## [Exercise aim]
Print the lines in the listing below that fall between the line with "Following this sentence" and the line with "This frame is 1.4 seconds past image 1.", those two lines included, exactly as they stand and with nothing else.

## [Supplied material]
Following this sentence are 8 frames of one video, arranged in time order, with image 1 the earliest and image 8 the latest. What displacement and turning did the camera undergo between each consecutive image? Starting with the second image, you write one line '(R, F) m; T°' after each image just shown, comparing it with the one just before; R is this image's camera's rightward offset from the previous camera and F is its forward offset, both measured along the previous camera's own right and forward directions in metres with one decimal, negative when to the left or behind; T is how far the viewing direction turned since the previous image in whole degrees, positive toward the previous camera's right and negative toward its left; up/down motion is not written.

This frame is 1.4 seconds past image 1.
---
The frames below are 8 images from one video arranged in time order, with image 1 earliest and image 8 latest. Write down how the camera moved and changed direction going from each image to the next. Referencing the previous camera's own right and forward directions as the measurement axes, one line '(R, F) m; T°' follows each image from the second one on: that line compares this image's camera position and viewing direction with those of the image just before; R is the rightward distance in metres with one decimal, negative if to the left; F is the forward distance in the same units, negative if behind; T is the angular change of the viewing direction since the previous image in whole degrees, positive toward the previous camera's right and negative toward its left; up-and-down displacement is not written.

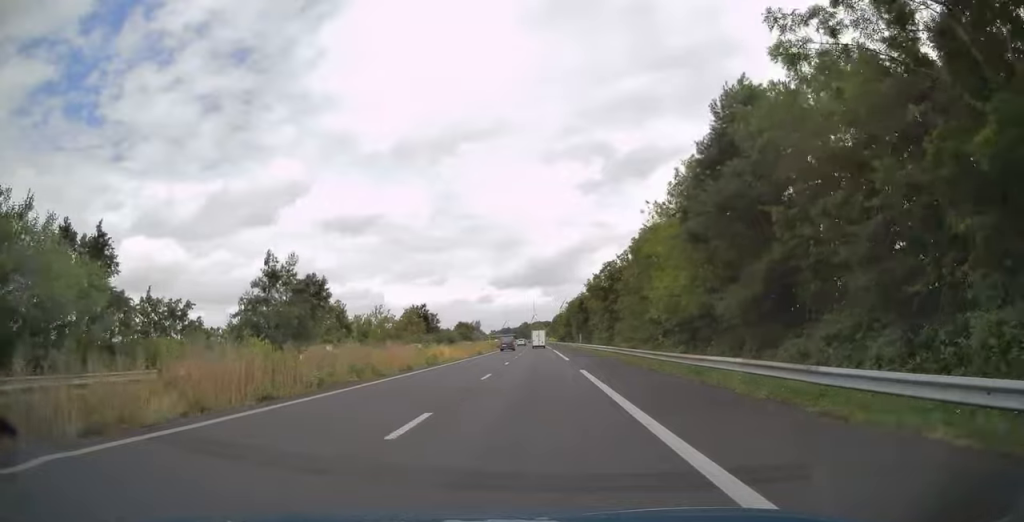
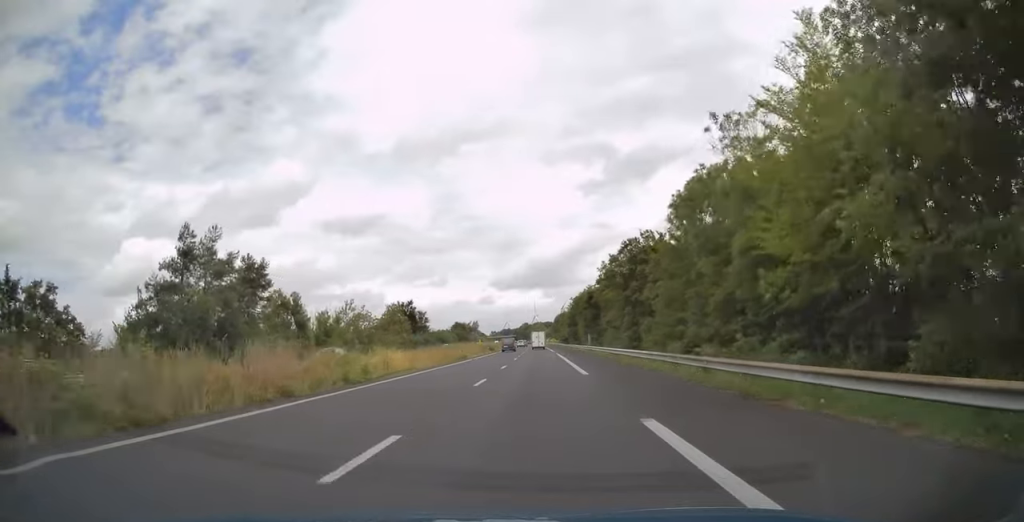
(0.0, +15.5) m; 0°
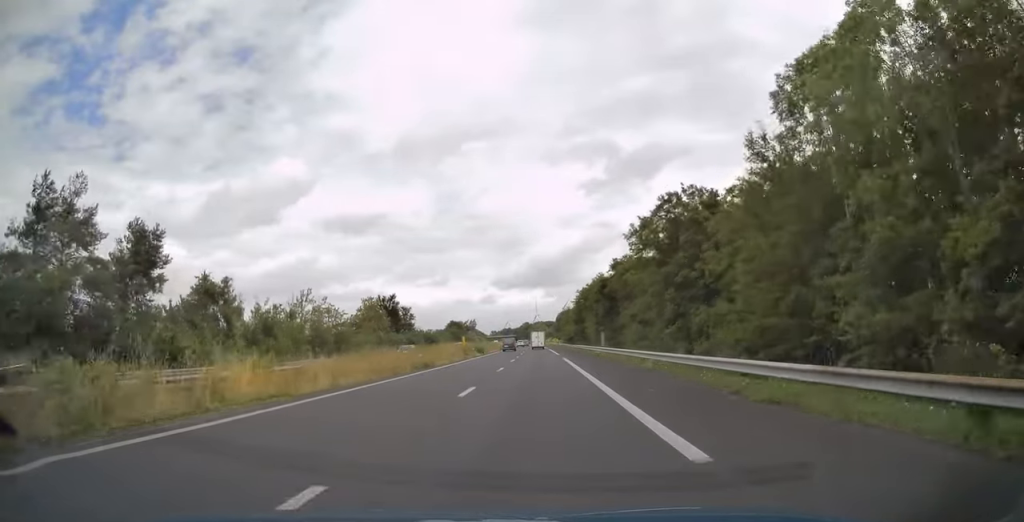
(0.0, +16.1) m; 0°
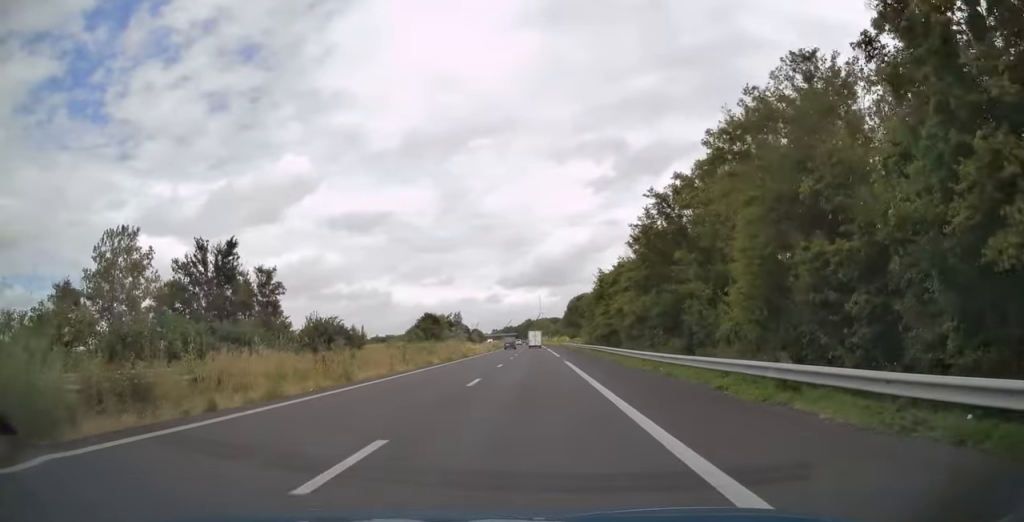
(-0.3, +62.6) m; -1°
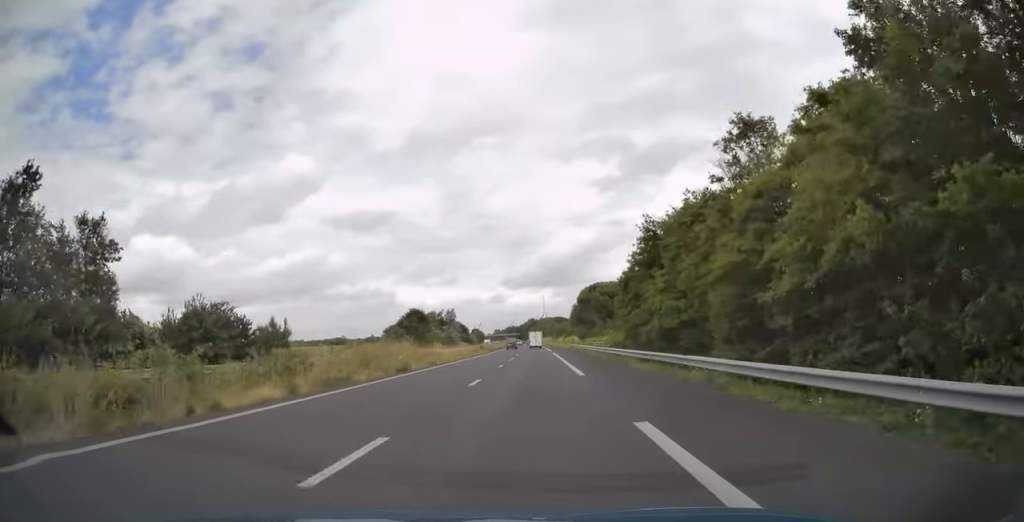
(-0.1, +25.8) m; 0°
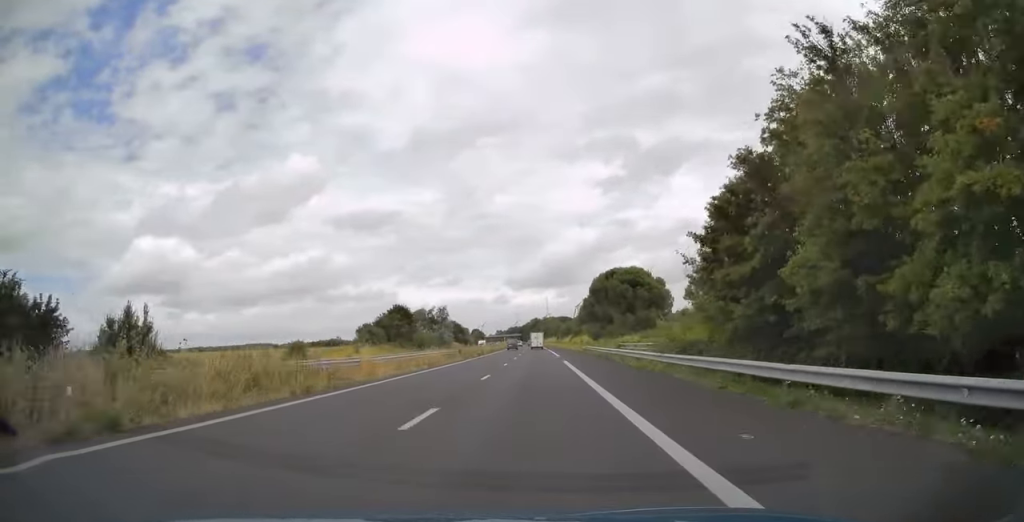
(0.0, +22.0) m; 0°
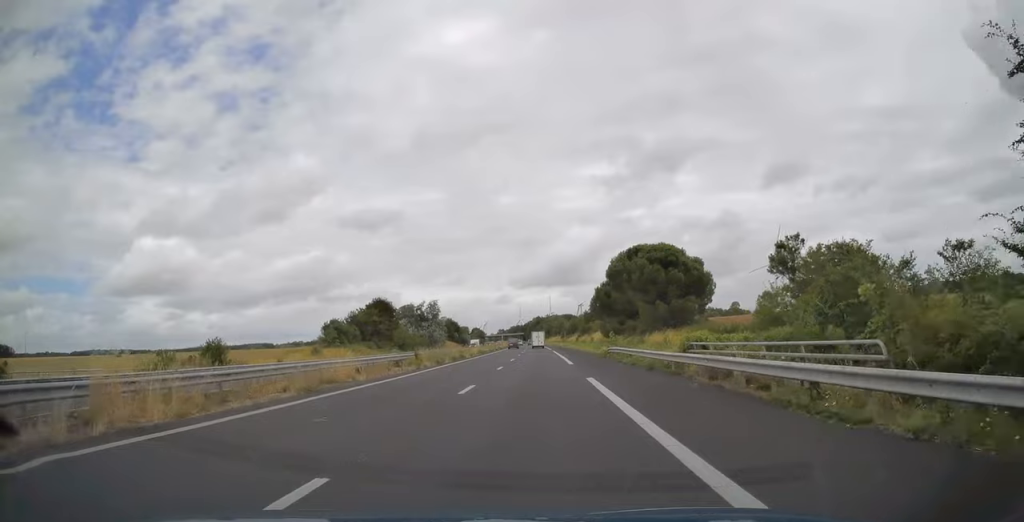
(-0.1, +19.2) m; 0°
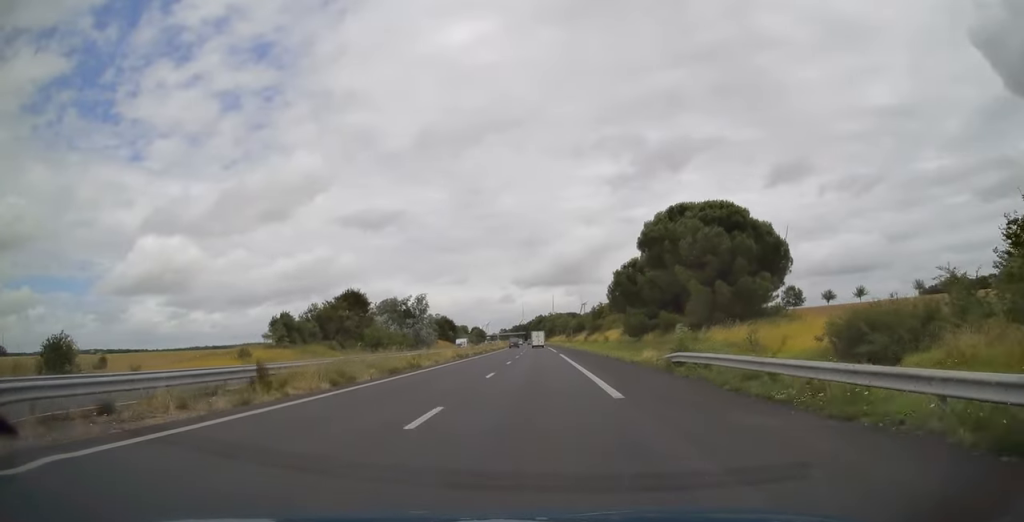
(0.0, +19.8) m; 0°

## [Result of this task]
Following this sentence are 8 frames of one video, arranged in time order, with image 1 the earliest and image 8 the latest. What displacement and turning did the camera undergo between each consecutive image? Starting with the second image, you write one line '(R, F) m; T°' after each image just shown, comparing it with the one just before; R is this image's camera's rightward offset from the previous camera and F is its forward offset, both measured along the previous camera's own right and forward directions in metres with one decimal, negative when to the left or behind; T is how far the viewing direction turned since the previous image in whole degrees, positive toward the previous camera's right and negative toward its left; up/down motion is not written.

This frame is 1.4 seconds past image 1.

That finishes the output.